• [RECORD EXTRACTS]
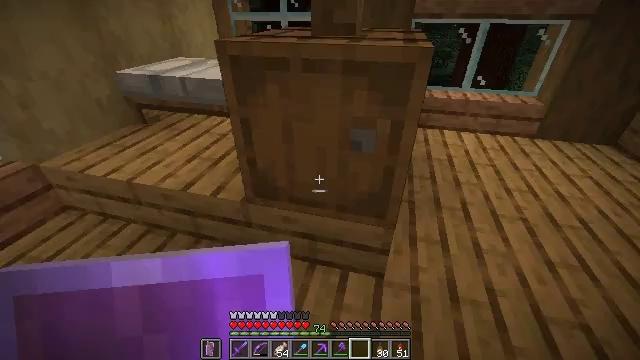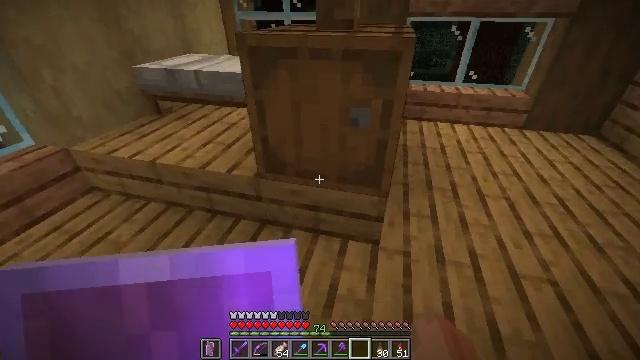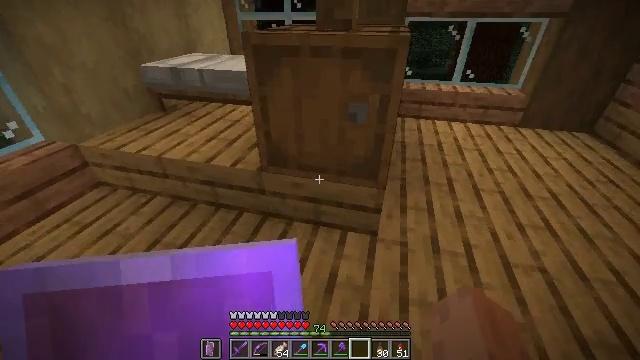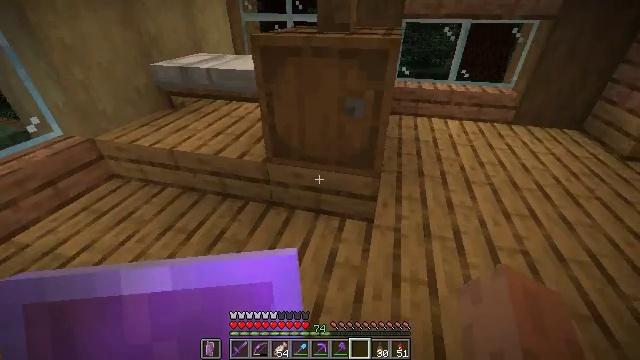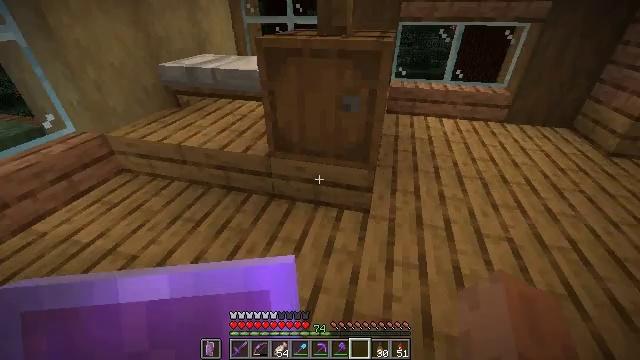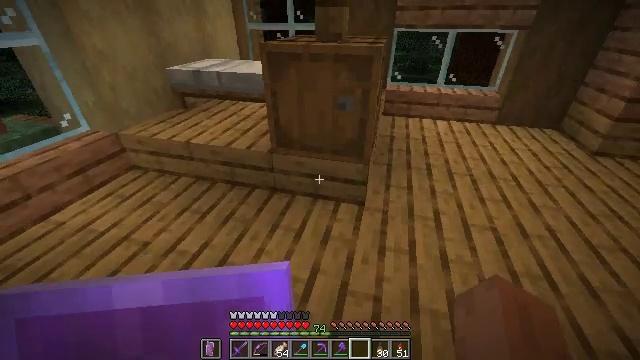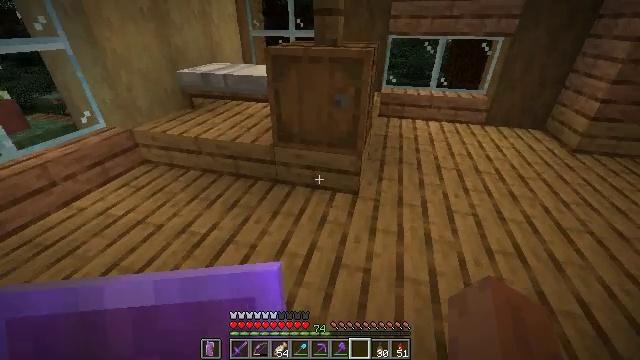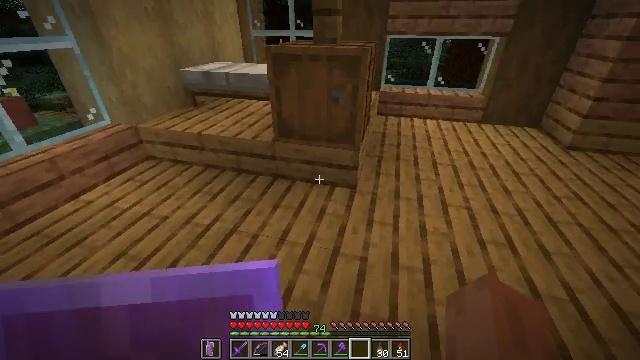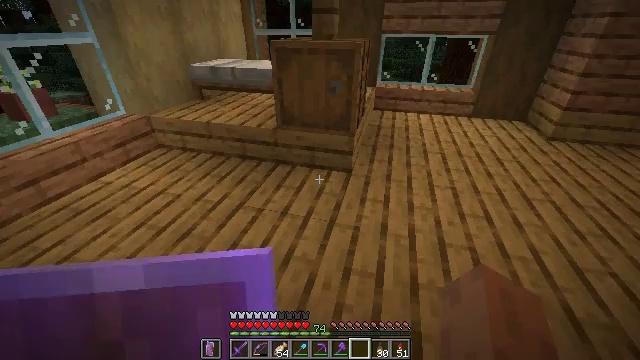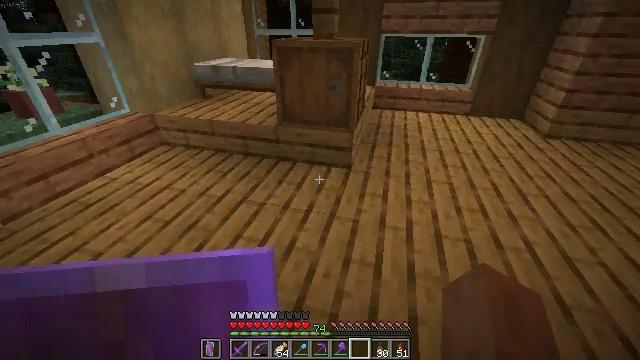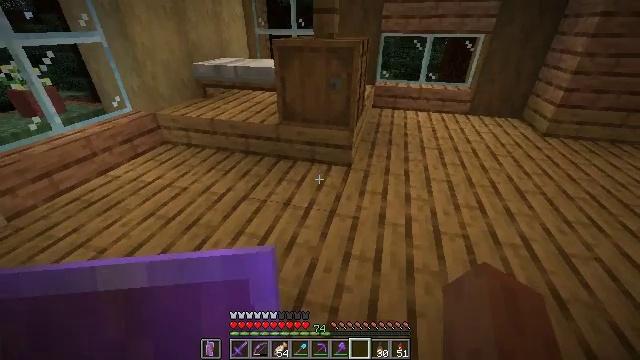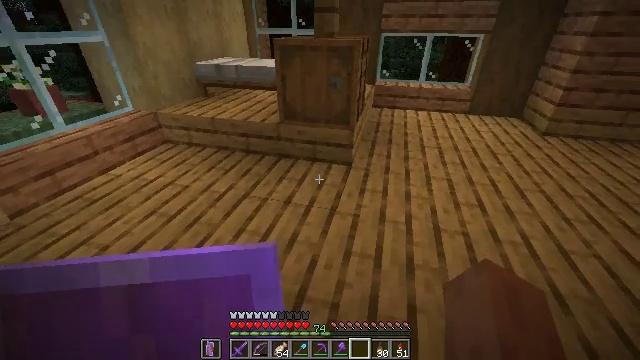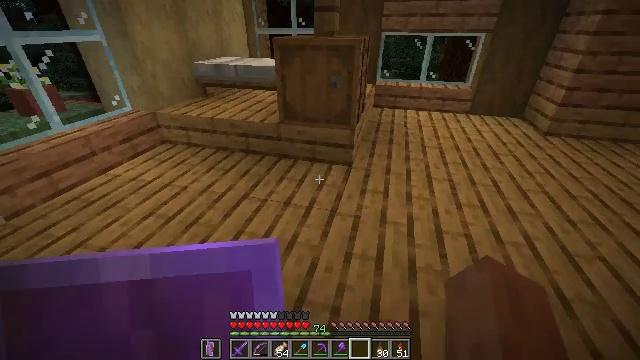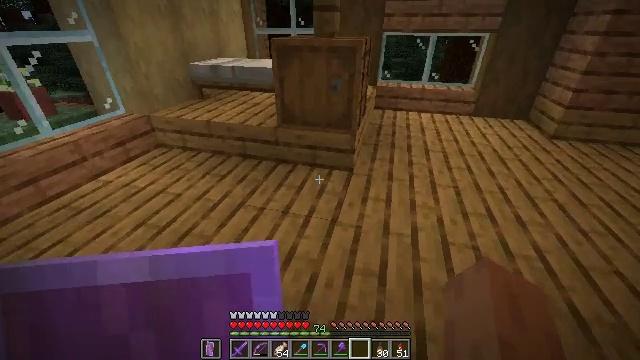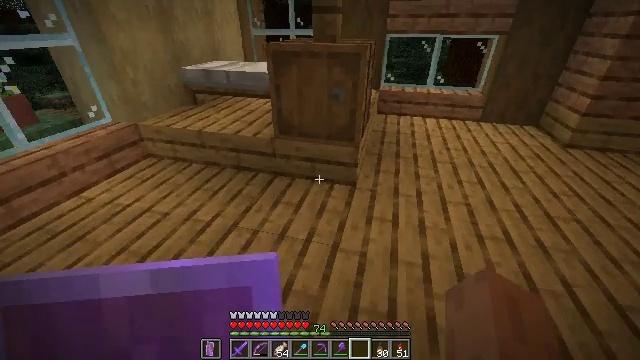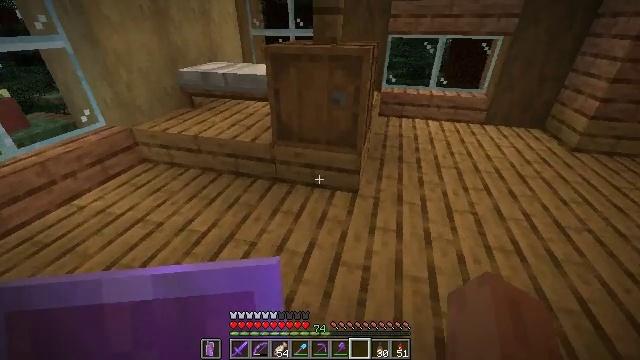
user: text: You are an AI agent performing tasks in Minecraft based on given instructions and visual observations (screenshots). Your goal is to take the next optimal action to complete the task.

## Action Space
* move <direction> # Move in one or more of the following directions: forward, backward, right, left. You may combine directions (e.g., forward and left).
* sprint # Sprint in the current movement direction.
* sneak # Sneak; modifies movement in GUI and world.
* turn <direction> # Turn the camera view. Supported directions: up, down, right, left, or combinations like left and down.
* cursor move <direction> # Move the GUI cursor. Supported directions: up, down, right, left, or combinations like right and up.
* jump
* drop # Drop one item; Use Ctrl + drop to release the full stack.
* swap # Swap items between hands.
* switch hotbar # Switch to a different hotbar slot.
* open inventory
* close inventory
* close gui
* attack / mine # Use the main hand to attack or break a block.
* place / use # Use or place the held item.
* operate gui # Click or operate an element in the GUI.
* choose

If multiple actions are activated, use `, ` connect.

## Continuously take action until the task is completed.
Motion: motion action
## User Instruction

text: Destroy the barrel to use elsewhere.
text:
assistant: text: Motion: move back
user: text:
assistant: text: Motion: move back
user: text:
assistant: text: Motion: move back
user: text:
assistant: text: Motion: move back
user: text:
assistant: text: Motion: move back, turn up
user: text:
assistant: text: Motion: move back, turn up
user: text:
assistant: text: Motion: move back
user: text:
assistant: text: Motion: move back
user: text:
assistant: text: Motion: no_op
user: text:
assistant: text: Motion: no_op
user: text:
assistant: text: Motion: move forward
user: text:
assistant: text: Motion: move forward
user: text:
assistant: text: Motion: move forward
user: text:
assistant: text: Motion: move forward
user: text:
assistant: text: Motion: move forward
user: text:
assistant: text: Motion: move forward
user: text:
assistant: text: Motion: move forward
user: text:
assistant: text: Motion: move forward
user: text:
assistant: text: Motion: move forward
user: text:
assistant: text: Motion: move forward
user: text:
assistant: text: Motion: move forward
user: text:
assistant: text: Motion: move forward
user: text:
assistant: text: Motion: move forward
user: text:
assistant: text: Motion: no_op
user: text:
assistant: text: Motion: turn right and down
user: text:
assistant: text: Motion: turn right and down
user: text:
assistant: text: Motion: turn right and down
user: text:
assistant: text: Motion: turn right and down
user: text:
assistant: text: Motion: no_op
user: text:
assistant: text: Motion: no_op

• [EXERCISE REQUIREMENTS]
Wherever a picture appears in the records, omit it, and transcribe everything else exactly.

• [OUTPUT FOR THIS EXERCISE]
user: text: You are an AI agent performing tasks in Minecraft based on given instructions and visual observations (screenshots). Your goal is to take the next optimal action to complete the task.

## Action Space
* move <direction> # Move in one or more of the following directions: forward, backward, right, left. You may combine directions (e.g., forward and left).
* sprint # Sprint in the current movement direction.
* sneak # Sneak; modifies movement in GUI and world.
* turn <direction> # Turn the camera view. Supported directions: up, down, right, left, or combinations like left and down.
* cursor move <direction> # Move the GUI cursor. Supported directions: up, down, right, left, or combinations like right and up.
* jump
* drop # Drop one item; Use Ctrl + drop to release the full stack.
* swap # Swap items between hands.
* switch hotbar # Switch to a different hotbar slot.
* open inventory
* close inventory
* close gui
* attack / mine # Use the main hand to attack or break a block.
* place / use # Use or place the held item.
* operate gui # Click or operate an element in the GUI.
* choose

If multiple actions are activated, use `, ` connect.

## Continuously take action until the task is completed.
Motion: motion action
## User Instruction

text: Destroy the barrel to use elsewhere.
text:
assistant: text: Motion: move back
user: text:
assistant: text: Motion: move back
user: text:
assistant: text: Motion: move back
user: text:
assistant: text: Motion: move back
user: text:
assistant: text: Motion: move back, turn up
user: text:
assistant: text: Motion: move back, turn up
user: text:
assistant: text: Motion: move back
user: text:
assistant: text: Motion: move back
user: text:
assistant: text: Motion: no_op
user: text:
assistant: text: Motion: no_op
user: text:
assistant: text: Motion: move forward
user: text:
assistant: text: Motion: move forward
user: text:
assistant: text: Motion: move forward
user: text:
assistant: text: Motion: move forward
user: text:
assistant: text: Motion: move forward
user: text:
assistant: text: Motion: move forward
user: text:
assistant: text: Motion: move forward
user: text:
assistant: text: Motion: move forward
user: text:
assistant: text: Motion: move forward
user: text:
assistant: text: Motion: move forward
user: text:
assistant: text: Motion: move forward
user: text:
assistant: text: Motion: move forward
user: text:
assistant: text: Motion: move forward
user: text:
assistant: text: Motion: no_op
user: text:
assistant: text: Motion: turn right and down
user: text:
assistant: text: Motion: turn right and down
user: text:
assistant: text: Motion: turn right and down
user: text:
assistant: text: Motion: turn right and down
user: text:
assistant: text: Motion: no_op
user: text:
assistant: text: Motion: no_op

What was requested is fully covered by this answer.